Only the lines holding "བཤགས" are wanted here; copy each from the listing.

* **DATA**
* * *

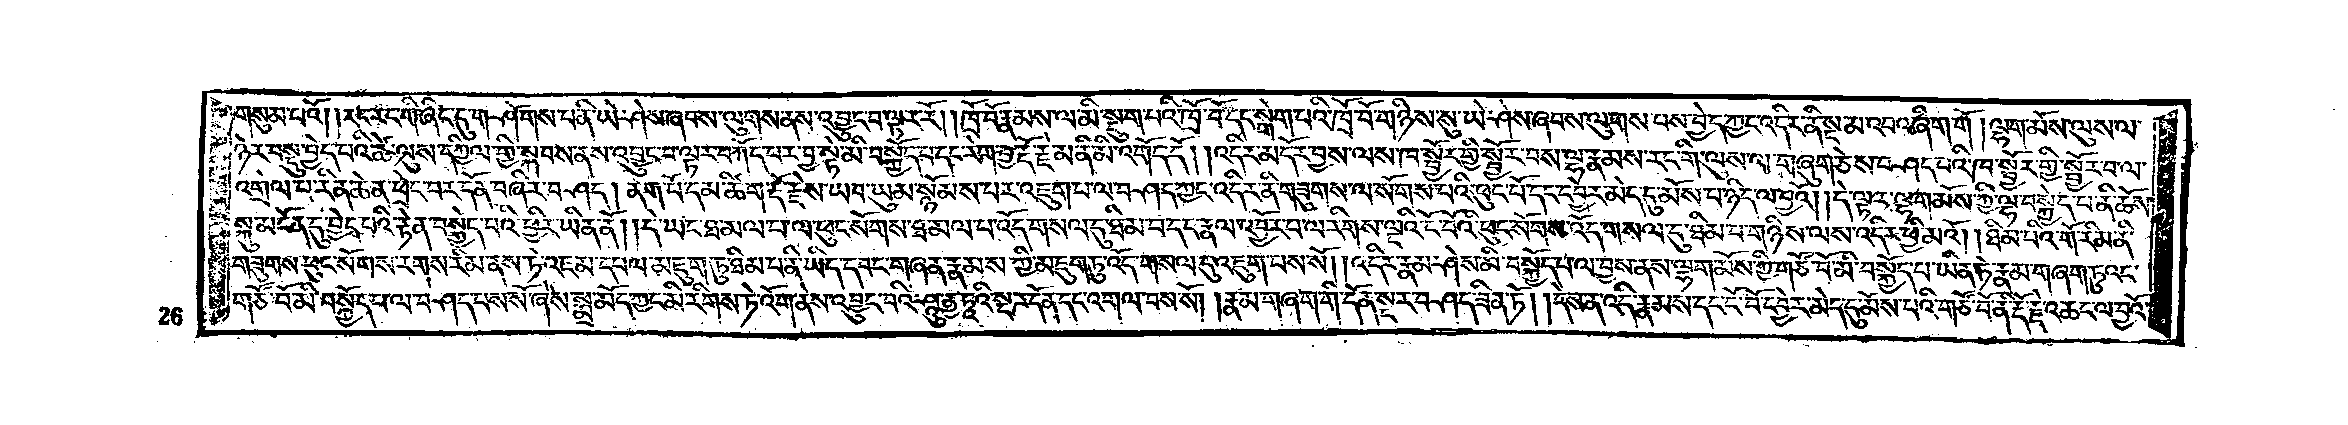གསུམ་པའོ། །རང་རང་གི་ཞིང་དུ་གཤེགས་པ་ནི་ཡེ་ཤེས་ཞབས་ལུགས་ནས་འབྱུང་བ་ལྟར་རོ། །ཁྲོ་བོ་རྣམས་ལ་མི་སྡུག་པའི་ཁྲོ་བོ་དང་སྒེག་པའི་ཁྲོ་བོ་གཉིས་སུ་ཡེ་ཤེས་ཞབས་ལུགས་པས་བྱེད་ཀྱང་འདིར་ནི་སྔ་མ་འབའ་ཞིག་གོ །ལྷག་མོས་ལུས་ལ་
ཉེར་བསྡུ་བྱེད་པའི་ཚེ་ལུས་དཀྱིལ་གྱི་སྐབས་ནས་འབྱུང་བ་ལྟར་བཀོད་པར་བྱ་སྟེ་མི་བསྐྱོད་པ་དང་རེག་བྱ་རྡོ་རྗེ་མ་ནི་མི་འགོད་དོ། །འདིར་མདོར་བྱས་ལས་ཁ་སྦྱོར་གྱི་སྦྱོར་བས་ལྷ་རྣམས་རང་གི་ལུས་ལ་གཞུག་ཅེས་བཤད་པའི་ཁ་སྦྱོར་གྱི་སྦྱོར་བ་ལ་
འགྲེལ་པ་རིན་ཆེན་ཕྲེང་བར་དོན་བཞིར་བཤད། ནག་པོ་དམ་ཚིག་རྡོ་རྗེས་ཡབ་ཡུམ་སྙོམས་པར་འཇུག་པ་ལ་བཤད་ཀྱང་འདིར་ནི་གཟུགས་ལ་སོགས་པའི་ཕུང་པོ་དང་དབྱེར་མེད་དུ་མོས་པ་ཉིད་ལ་བྱའོ། །དེ་ལྟར་ལྷག་མོ་ཀྱི་ལྷ་བསྐྱེད་པ་ནི་ཆོས་
སྐུ་མངོན་དུ་བྱེད་པའི་རྟེན་བསྐྱེད་པའི་ཕྱིར་ཡིན་ནོ། །དེ་ཡང་ཐ་མལ་པ་ལ་ཕུང་སོགས་ཐ་མལ་པ་འོད་གསལ་དུ་ཐིམ་པ་དང་རྣལ་འབྱོར་པ་ལ་རིགས་ལྔའི་ངོ་བོའི་ཕུང་སོགས་འོད་གསལ་དུ་ཐིམ་པ་གཉིས་ལས་འདིར་ཕྱི་མའོ། །ཐིམ་པའི་གོ་རིམ་ནི་
གཟུགས་ཕུང་སོགས་རགས་རིམ་ནས་ཏེ་འཇམ་དཔལ་མཇུག་ཏུ་ཐིམ་པ་ནི་ཡིད་དབང་གཞན་རྣམས་ཀྱི་མཇུག་ཏུ་འོད་གསལ་དུ་འཇུག་པས་སོ། །འདིར་རྣམ་ཤེས་མི་བསྐྱོད་པ་ལ་བྱས་ནས་ལྷག་མོས་ཀྱི་གཙོ་བོ་མི་བསྐྱོད་པ་ཡིན་ཏེ་རྣམ་གཞག་ཏུའང་
གཙོ་བོ་མི་བསྐྱོད་པ་ལ་བཤད་པས་སོ་ཞེས་སྨྲ་མོད་ཀྱང་མི་རིགས་ཏེ་འོག་ནས་འབྱུང་བའི་ཤཱུ་ཉ་ཏཱའི་སྔགས་དོན་དང་འགལ་བས་སོ། །རྣམ་གཞག་གི་དོན་སྔར་བཤད་ཟིན་ཏོ། །དེས་ན་འདི་རྣམས་དང་ངོ་བོ་དབྱེར་མེད་དུ་མོས་པའི་གཙོ་བོ་ནི་རྡོ་རྗེ་འཆང་ལ་བྱའོ།
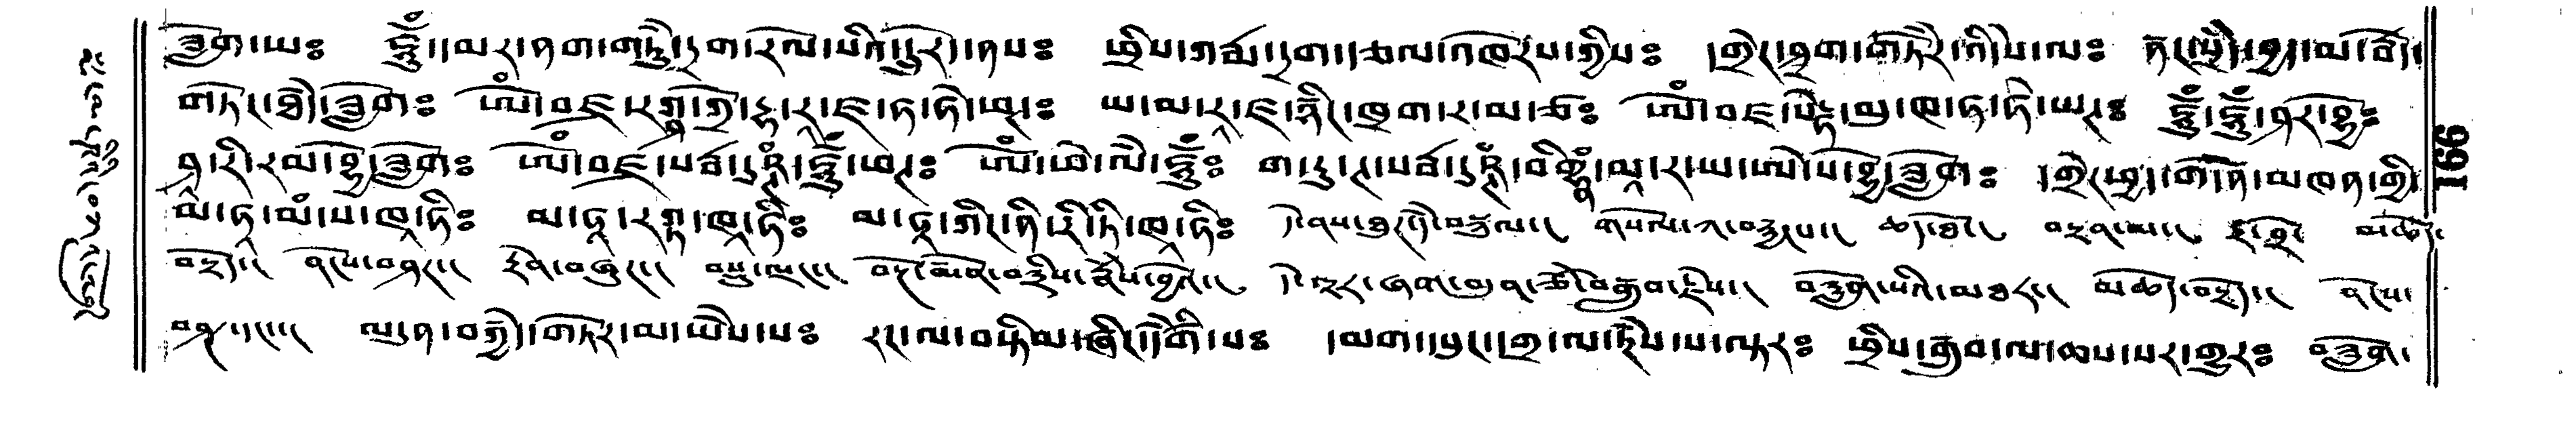ཟློག་ཡ༔ ཧཱུྃ་དམར་ནག་གཏུམ་དྲག་རོལ་པའི་དུར་ཁྲོད་ནས༔ ཕྲིན་ལས་ཀརྨ་དྲག་རྩལ་འཁོར་བཅས་ཀྱིས༔ དགྲ་བགེགས་ཤ་ཁྲག་གཏོར་མ་འདི་བཞེས་ལ༔ སྣང་སྲིད་བྱད་མ་རྦོད་
གཏོང་ཐམས་ཅད་ཟློག༔ ཨོཾ་བཛྲ་རཀྴ་ཀྲོ་དྷ་རཱ་ཛ་ཧ་ཧེ་ཕཊ༔ ཡ་མ་རཱ་ཛ་སྙིང་ཁྲག་ར་མ་ཙ༔ ཨོཾ་བཛྲ་སེདྷ་མུ་ཁ་ཧ་ཧེ་ཕཊ༔ ཧཱུྃ་ཧཱུྃ་ཤར་བྷྱོ༔ 
ཤཱ་རི་རམ་བྷྱོ་ཟློག༔ ཨོཾ་བཛྲ་སརྦ་དུཥྚན་ཧཱུྃ་ཕཊ༔ ཨོཾ་ཕེ་ལཾ་ཧཱུྃ༔ ག་རུ་ཊ་སརྦ་དུཥྚན་བིགྷྣན་མཱ་ར་ཡ་ཨེ་ས་བྷྱོ་ཟློག༔ དགྲ་བགེགས་བྱད་གདོན་མཁན་གྱི་
མ་ཧཱ་མཾ་ས་ཁཱ་ཧི༔ མ་ཧཱ་རཀྴ་ཁཱ་ཧི༔ མ་ཧཱ་ཀིང་ནི་རི་ཏི་ཁཱ་ཧི༔ དེ་ནས་ཐུགས་དམ་བསྐུལ།གསོལ་ཀ་བསྐྱང་། ཆད་ཐོ། བརྟན་མ། རྟ་བྲོ། མཆོད་
བསྟོད། ནོངས་བཤགས། བརྟན་བཞུགས། བསྡུ་ལྡང་། བསྔོ་སྨོན་བཀྲ་ཤིས་རྣམས་བྱའོ། དེ་ལྟར་ཞག་བདུན་ཙམ་བསྒྲུབས་རྗེས། བཟློག་པའི་མཐར། མཆོད་བརྗོད། ནོངས་
བཤགས་དང་། མདུན་བསྐྱེད་གཏོར་མ་ཡེ་ཤེས་པ༔ རང་ལ་བསྟིམ་ཞིང་དམ་ཚིག་པ༔ དམག་དཔུང་དགྲ་ལ་རྔམ་པ་ལྟར༔ ཕྲིན་ལས་སྒྲུབ་ལ་ཆས་པར་གྱུར༔ བཟློག་
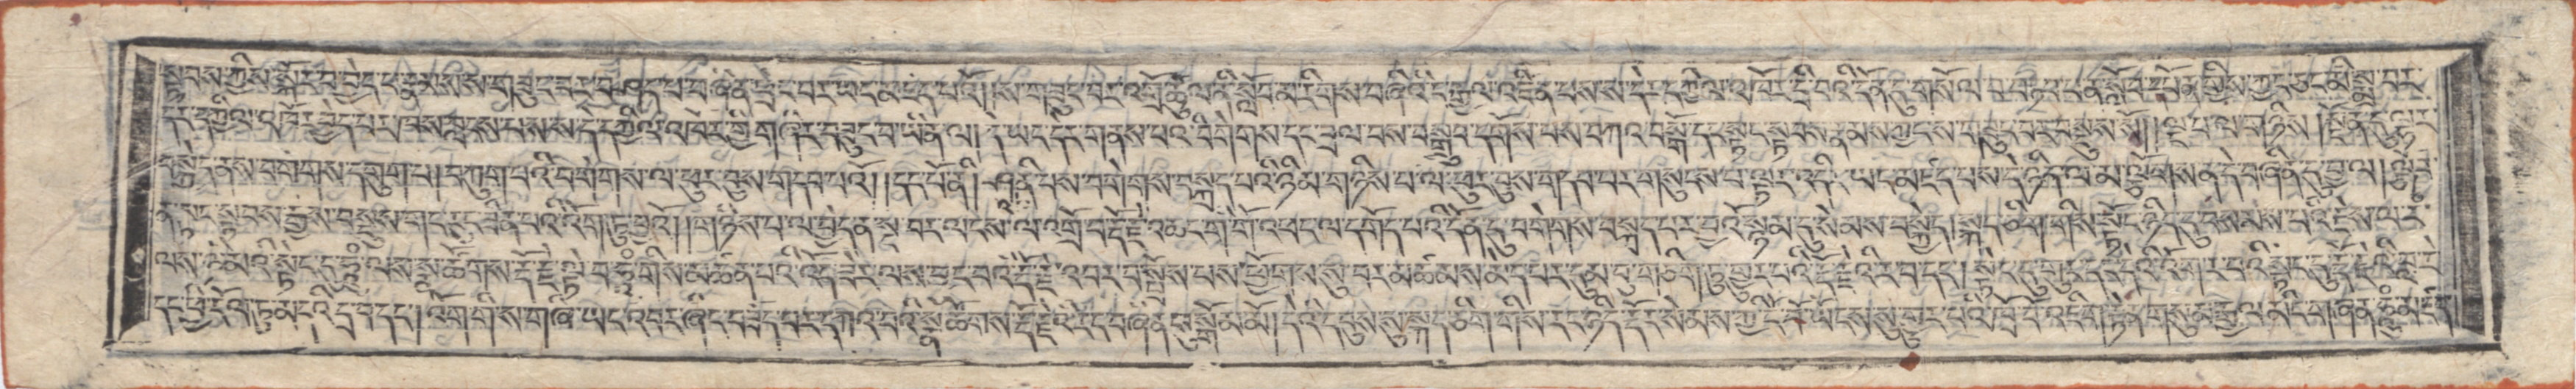སྟབས་ཀྱིས་སྐོར་བ་བྱེད་པ་རྣམས་ས་གཟུང་བར་བཤད་པ་བཞིན་ཕྲེང་བར་ཡང་མཛད་པའོ། །ས་གཟུང་བར་འགྲོ་ཚུལ་ནི་སློབ་མ་རིགས་བཞིའི་ང་རྒྱལ་འཛིན་པས་ས་དེར་དཀྱིལ་འཁོར་དྲི་བའི་དོན་དུ་གསོལ་བ་བཏབ་པ་ན་སློབ་དཔོན་གྱིས་ཀྱང་ཅང་མི་སྨྲ་བར་
དེར་དཀྱིལ་འཁོར་བྱེད་པར་ཁས་བླངས་པས་ས་དེ་དཀྱིལ་འཁོར་གྱི་གཞིར་བཟུང་བ་ཡིན་ལ། དེ་ཡང་དེར་གནས་པའི་བགེགས་དང་བྲལ་བས་བསྒྲུབ་དགོས་པས་བཀའ་བསྒོ་དང་སྟང་སྟབས་རྣམས་ཀྱང་ས་གཟུང་བར་བསྡུས་སོ། །ལྔ་པ་ལ་གཉིས། སྔོན་དུ་ལྷར་
བསྐྱེད་ནས་བགེགས་དགུག་པ། བཀུག་པའི་བགེགས་ལ་ཕུར་བུས་གདབ་པའོ། །དང་པོ་ནི། ཤཱནྟི་པས་བགེགས་བསྐྲད་པའི་ཉི་མ་གཉིས་པ་ལ་ཕུར་བུས་གདབ་པར་གསུངས་པ་ལྟར་འདིར་ཡང་མཛད་པས་དེ་ཉིན་ལ་མ་ལྕོགས་ན་དེ་བཞིན་དུ་བྱ་ལ། ལྕོགས་
ན་སྟང་སྟབས་རྒྱས་བསྡུས་གང་རུང་ཟིན་པའི་འོག་ཏུ་བྱའོ། །གཉིས་པ་ལ་བྱེད་ན་སྔ་བར་ལངས་ལ་འགྲོ་བ་རྡོ་རྗེ་འཆང་གི་གོ་འཕང་ལ་དགོད་པའི་དོན་དུ་བགེགས་བསྐྲད་པར་བྱའོ་སྙམ་དུ་སེམས་བསྐྱེད། སྐད་ཅིག་གིས་སྟོང་ཉིད་དུ་བསམས་པའི་རྗེས་ལ་རཾ་
ལས་ཉི་མའི་སྟེང་དུ་ཧཱུཾ་ལས་སྣ་ཚོགས་རྡོ་རྗེ་ལྟེ་བ་ཧཱུཾ་གིས་མཚན་པའི་འོད་ཟེར་ལས་བྱུང་བའི་རྡོ་རྗེ་འབར་བ་སྤྲོས་པས་ཕྱོགས་སུ་བར་མཚམས་མེད་པར་དུམ་བུ་གཅིག་ཏུ་གྱུར་པའི་རྡོ་རྗེའི་ར་བ་དང་། སྟེང་དུ་གུར་དང་དེའི་འོག་ར་བའི་སྟེང་དུ་རྡོ་རྗེའི་བླ་རེ་
དང་ཕྱི་རོལ་ཏུ་མདའི་དྲ་བ་དང་། འོག་གི་ས་གཞི་ཡང་འབར་ཞིང་བཟོད་པར་དཀའ་བའི་སྣ་ཚོགས་རྡོ་རྗེའི་རང་བཞིན་དུ་བསྒོམ་མོ། དེའི་དབུས་སུ་སྐད་ཅིག་གིས་རང་ཉིད་རྡོར་སེམས་ཀྱི་ངོ་བོ་ཡོངས་སུ་གྱུར་པའི་ཁྲོ་བོ་འཇིག་རྟེན་གསུམ་རྒྱལ་མིང་གཞན་ཧཱུཾ་མཛད་

* * *

* **OUTPUT**
བསྟོད། ནོངས་བཤགས། བརྟན་བཞུགས། བསྡུ་ལྡང་། བསྔོ་སྨོན་བཀྲ་ཤིས་རྣམས་བྱའོ། དེ་ལྟར་ཞག་བདུན་ཙམ་བསྒྲུབས་རྗེས། བཟློག་པའི་མཐར། མཆོད་བརྗོད། ནོངས་
བཤགས་དང་། མདུན་བསྐྱེད་གཏོར་མ་ཡེ་ཤེས་པ༔ རང་ལ་བསྟིམ་ཞིང་དམ་ཚིག་པ༔ དམག་དཔུང་དགྲ་ལ་རྔམ་པ་ལྟར༔ ཕྲིན་ལས་སྒྲུབ་ལ་ཆས་པར་གྱུར༔ བཟློག་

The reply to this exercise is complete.